Connecticut Post (Sunday)

Yale falls to Harvard in wild finish

- By Michael Fornabaio mfornabaio@ctpost.com; @fornabaioc­tp

NEW HAVEN — Wande Owens broke up the Harvard pass on first down from the Yale 12. Dathan Hickey denied Harvard’s Adam West the ball on second down. And Yale was two plays away from finishing off yet another comeback win against Harvard.

Third down? Third down turned this into yet another dramatic Yale-Harvard finish, and 22 seconds later, it sent another torrent of spectators onto the field at the Yale Bowl, delirious rather than defiant this time.

Harvard quarterbac­k Luke Emge found Kym Wimberly in the back-left corner of the end zone on third down to lift the Crimson to a 34-31 win over Yale in front of a crowd of 49,500 in the teams’ 137th meeting.

Yale couldn’t have defended it any better, Harvard coach Tim Murphy said, but Wimberly still came down with it.

“They made a play at the end of the game. They made a play on third down in the corner of the end zone with no timeouts left, and that was the difference in the game,” Yale coach Tony Reno said.

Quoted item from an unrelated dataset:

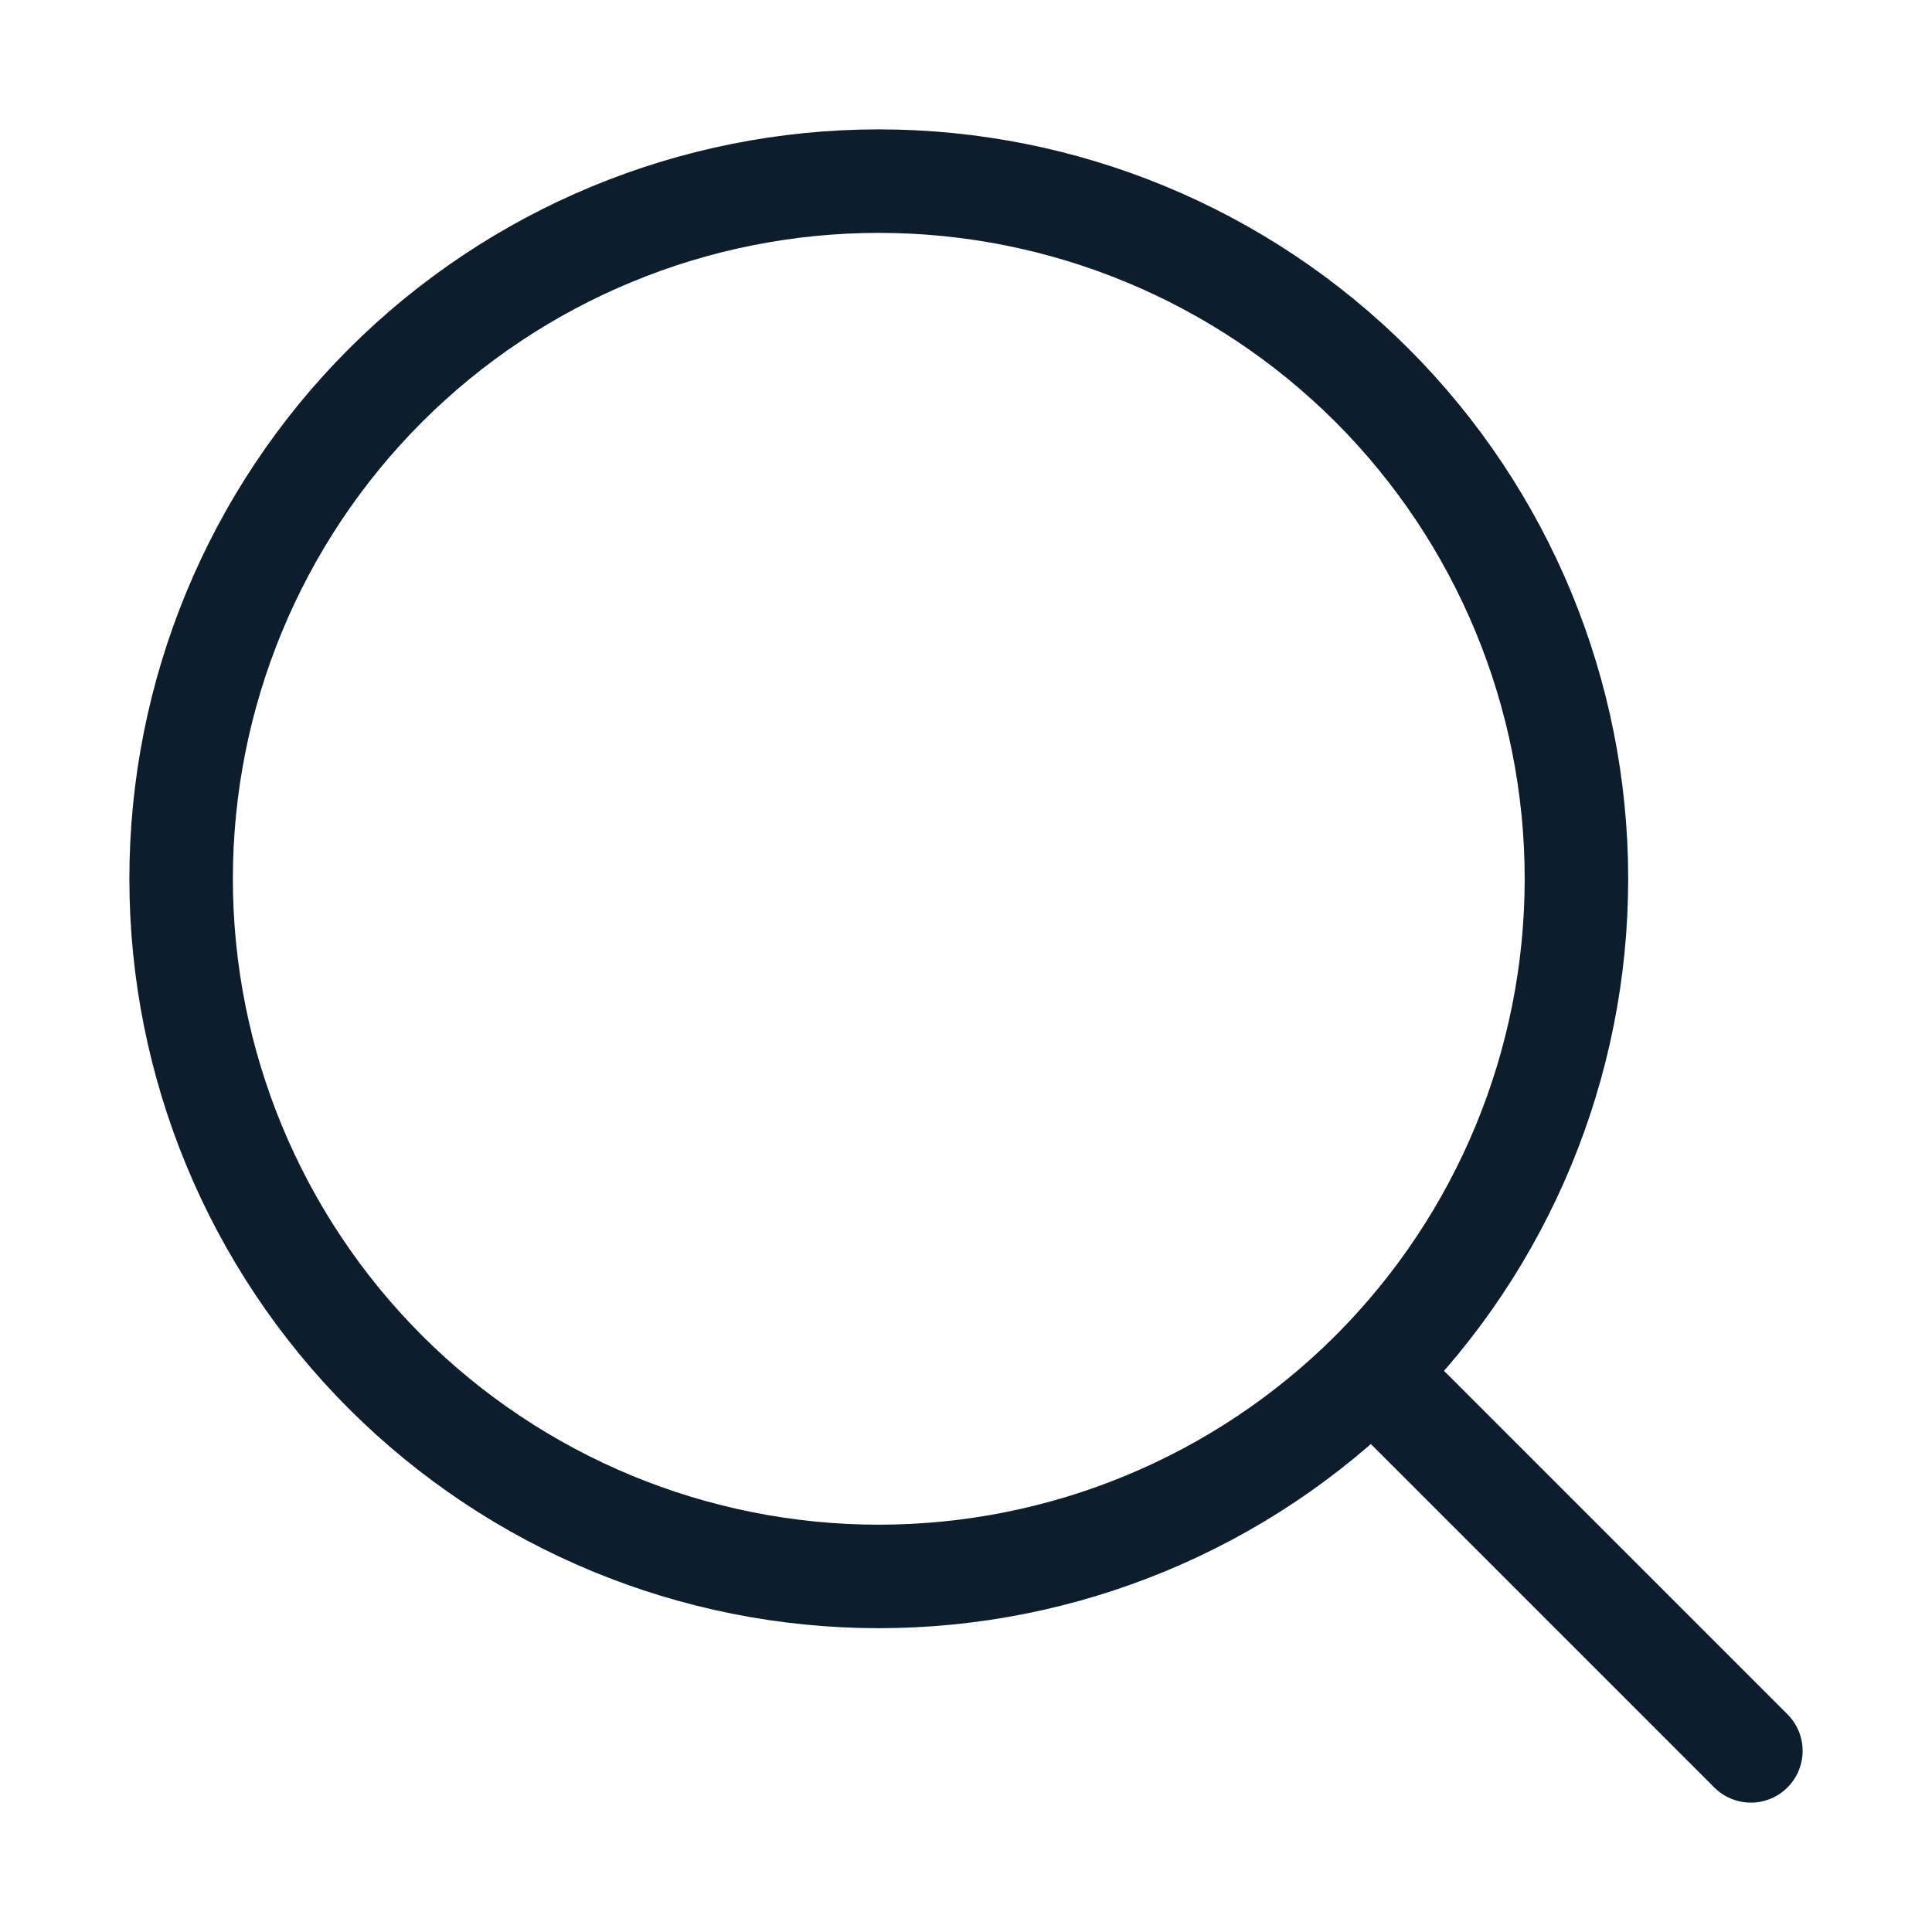 <svg width="28" height="28" viewBox="0 0 28 28" fill="none" xmlns="http://www.w3.org/2000/svg">
<path d="M20.319 20.319L25.375 25.375M2.625 12.736C2.625 15.418 3.69 17.989 5.586 19.886C7.483 21.782 10.055 22.847 12.736 22.847C15.418 22.847 17.989 21.782 19.886 19.886C21.782 17.989 22.847 15.418 22.847 12.736C22.847 10.055 21.782 7.483 19.886 5.586C17.989 3.69 15.418 2.625 12.736 2.625C10.055 2.625 7.483 3.69 5.586 5.586C3.69 7.483 2.625 10.055 2.625 12.736Z" stroke="#0D1D2C" stroke-width="1.5" stroke-linecap="round" stroke-linejoin="round"/>
</svg>
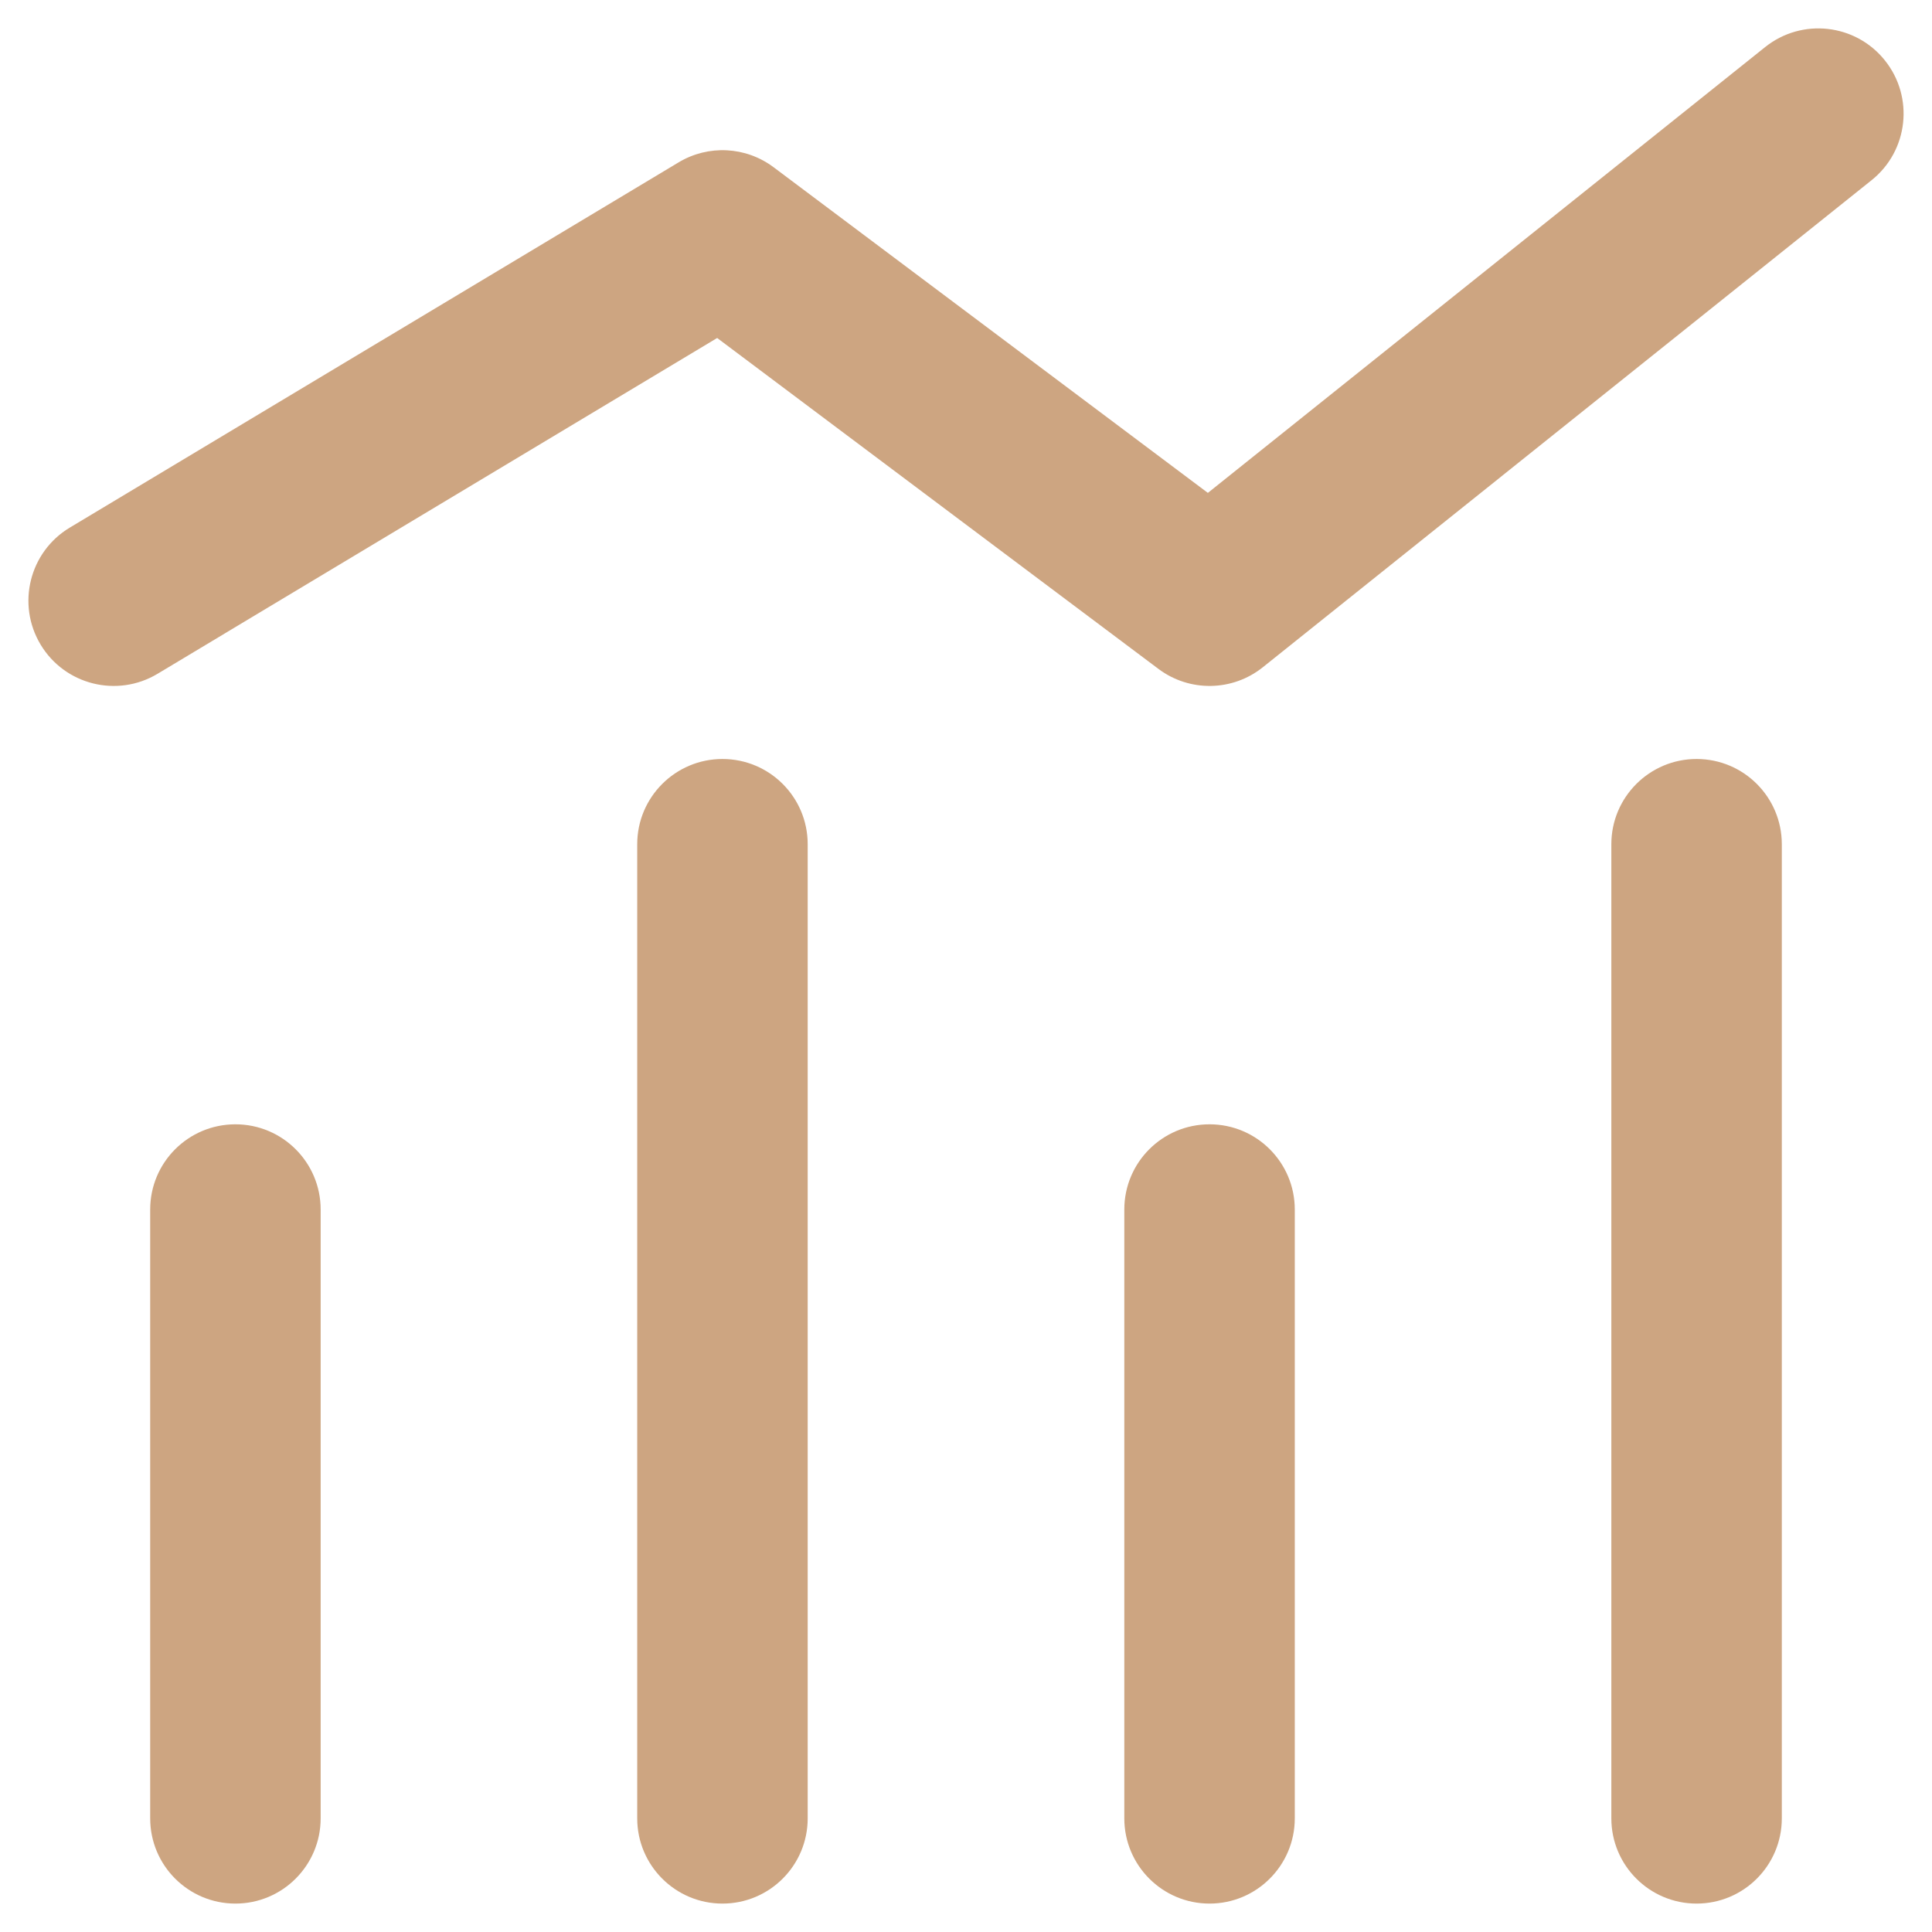 <?xml version="1.0" encoding="UTF-8"?> <svg xmlns="http://www.w3.org/2000/svg" width="34" height="34" viewBox="0 0 34 34" fill="none"><path d="M1.228 9.285C0.518 9.711 0.288 10.633 0.714 11.343C1.14 12.053 2.061 12.284 2.772 11.858L1.228 9.285ZM12.714 4.143L13.614 2.943C13.126 2.577 12.466 2.543 11.943 2.857L12.714 4.143ZM21.286 10.571L20.386 11.771C20.933 12.182 21.689 12.17 22.223 11.743L21.286 10.571ZM32.937 3.171C33.584 2.654 33.689 1.71 33.171 1.063C32.654 0.416 31.71 0.311 31.063 0.829L32.937 3.171ZM28.357 32C28.357 32.828 29.029 33.5 29.857 33.5C30.686 33.5 31.357 32.828 31.357 32H28.357ZM31.357 14.857C31.357 14.029 30.686 13.357 29.857 13.357C29.029 13.357 28.357 14.029 28.357 14.857H31.357ZM11.214 32C11.214 32.828 11.886 33.5 12.714 33.5C13.543 33.5 14.214 32.828 14.214 32H11.214ZM14.214 14.857C14.214 14.029 13.543 13.357 12.714 13.357C11.886 13.357 11.214 14.029 11.214 14.857H14.214ZM19.786 32C19.786 32.828 20.457 33.5 21.286 33.5C22.114 33.5 22.786 32.828 22.786 32H19.786ZM22.786 21.286C22.786 20.457 22.114 19.786 21.286 19.786C20.457 19.786 19.786 20.457 19.786 21.286H22.786ZM2.643 32C2.643 32.828 3.314 33.5 4.143 33.5C4.971 33.5 5.643 32.828 5.643 32H2.643ZM5.643 21.286C5.643 20.457 4.971 19.786 4.143 19.786C3.314 19.786 2.643 20.457 2.643 21.286H5.643ZM2.772 11.858L13.486 5.429L11.943 2.857L1.228 9.285L2.772 11.858ZM11.814 5.343L20.386 11.771L22.186 9.371L13.614 2.943L11.814 5.343ZM22.223 11.743L32.937 3.171L31.063 0.829L20.349 9.4L22.223 11.743ZM31.357 32V14.857H28.357V32H31.357ZM14.214 32V14.857H11.214V32H14.214ZM22.786 32V21.286H19.786V32H22.786ZM5.643 32V21.286H2.643V32H5.643Z" fill="#CDA581"></path></svg>

“We had an opportunit­y to put the game away, get a first down, and we didn’t.”

That was with a minute to go. Harvard was out of timeouts, down four points. Yale faced fourth-and-1 at the Harvard 34, called timeout, and then turned over the ball on downs after an incomplete pass.

The calculus there involved going into the wind, so the Bulldogs knew they were out of Jack Bosman’s field-goal range. A Bosman punt might’ve gained a few yards, but Reno liked their chances to get the yard they needed with quarterbac­k Nolan Grooms. Murphy said he wasn’t really surprised, that the analytics in a spot like that say the decision could go either way.

Either way, Emge and Wimberly connected three plays later for 42 yards to get to the Yale 12. Wimberly led Harvard in receptions coming in, but he’d only caught one ball going into the last series.

“He’s just the nicest kid, the toughest kid, the most resilient kid, and he was really banged up. We didn’t think he was going to play today,” Murphy said.

“For him to come down the stretch and make those clutch plays is something you won’t forget.”

It was another unforgetta­ble finish, the second in a row in The Game. The Crimson led by 17 in the fourth quarter two years ago in a game delayed almost an hour by a protest at halftime, with students and others occupying the field at the Bowl. Yale came back to win at dusk in double overtime.

And when Grooms found David Pantelis for a 27-yard touchdown with 7:48 to play Saturday, taking Yale’s first lead since 7-0, it seemed the Bulldogs had recreated some magic, in daylight this time.

But Murphy exhorted his team not to quit, and they finished a season of whatmight-have-been with a bang.

Harvard was 5-0 before an overtime loss to Princeton in which the Ivy League admitted the officials erred in not allowing a two-point conversion to stand. It lost to Dartmouth the week after.

“Knowing what we know, our kids are actually one play away from a 10-0 season,” Murphy said.

“We couldn’t have asked for a better storybook, makethings-right ending. I’ve been in many wild and wooly Harvard-Yale games, and this might have been the most wild and wooliest.”

Dartmouth and Princeton shared the Ivy League title. Harvard (8-2, 5-2) finished third.

The Bulldogs (5-5, 4-3) tied Columbia for fourth.

The athleticis­m of Grooms, the sophomore who took over at quarterbac­k at midseason, extended plays, Murphy and Harvard captain Jordan Hill both said. There were three intercepti­ons, but there were also moments like his touchdown pass late in the first half, when Grooms spun away from pressure, ran to the left sideline and found J.J. Howland.

Running back Spencer Alston ran for 74 yards on 19 carries; on the go-ahead drive, he’d turned thirdand-18 into a 26-yard gain. And Zane Dudek, a big piece of the Bulldogs’ 2017 and 2019 championsh­ip teams, came back from injury with five rushes for 30 yards.

“There’s only two classes in Yale history in the last 40 years that have walked out of here with two Ivy championsh­ips,” Reno said, and the other was the class that graduated before this one.

“These guys did an amazing job of setting the program up for success, having success while they’re here and setting us for the future.”

When the final Yale attempt at a lateral ended, fans rushed from the visitors’ side to join the Crimson celebratio­n. Several Yale players, including captain John Dean, lingered on the other side.

“For me, unfortunat­ely, it’s my last time playing out there,” Dean said. “I just wanted a last few moments out there.

“My class had a lot of success here. It’s not all bad times. We’ve had good times here, too. By no means does this define what we’ve done over the past four years.”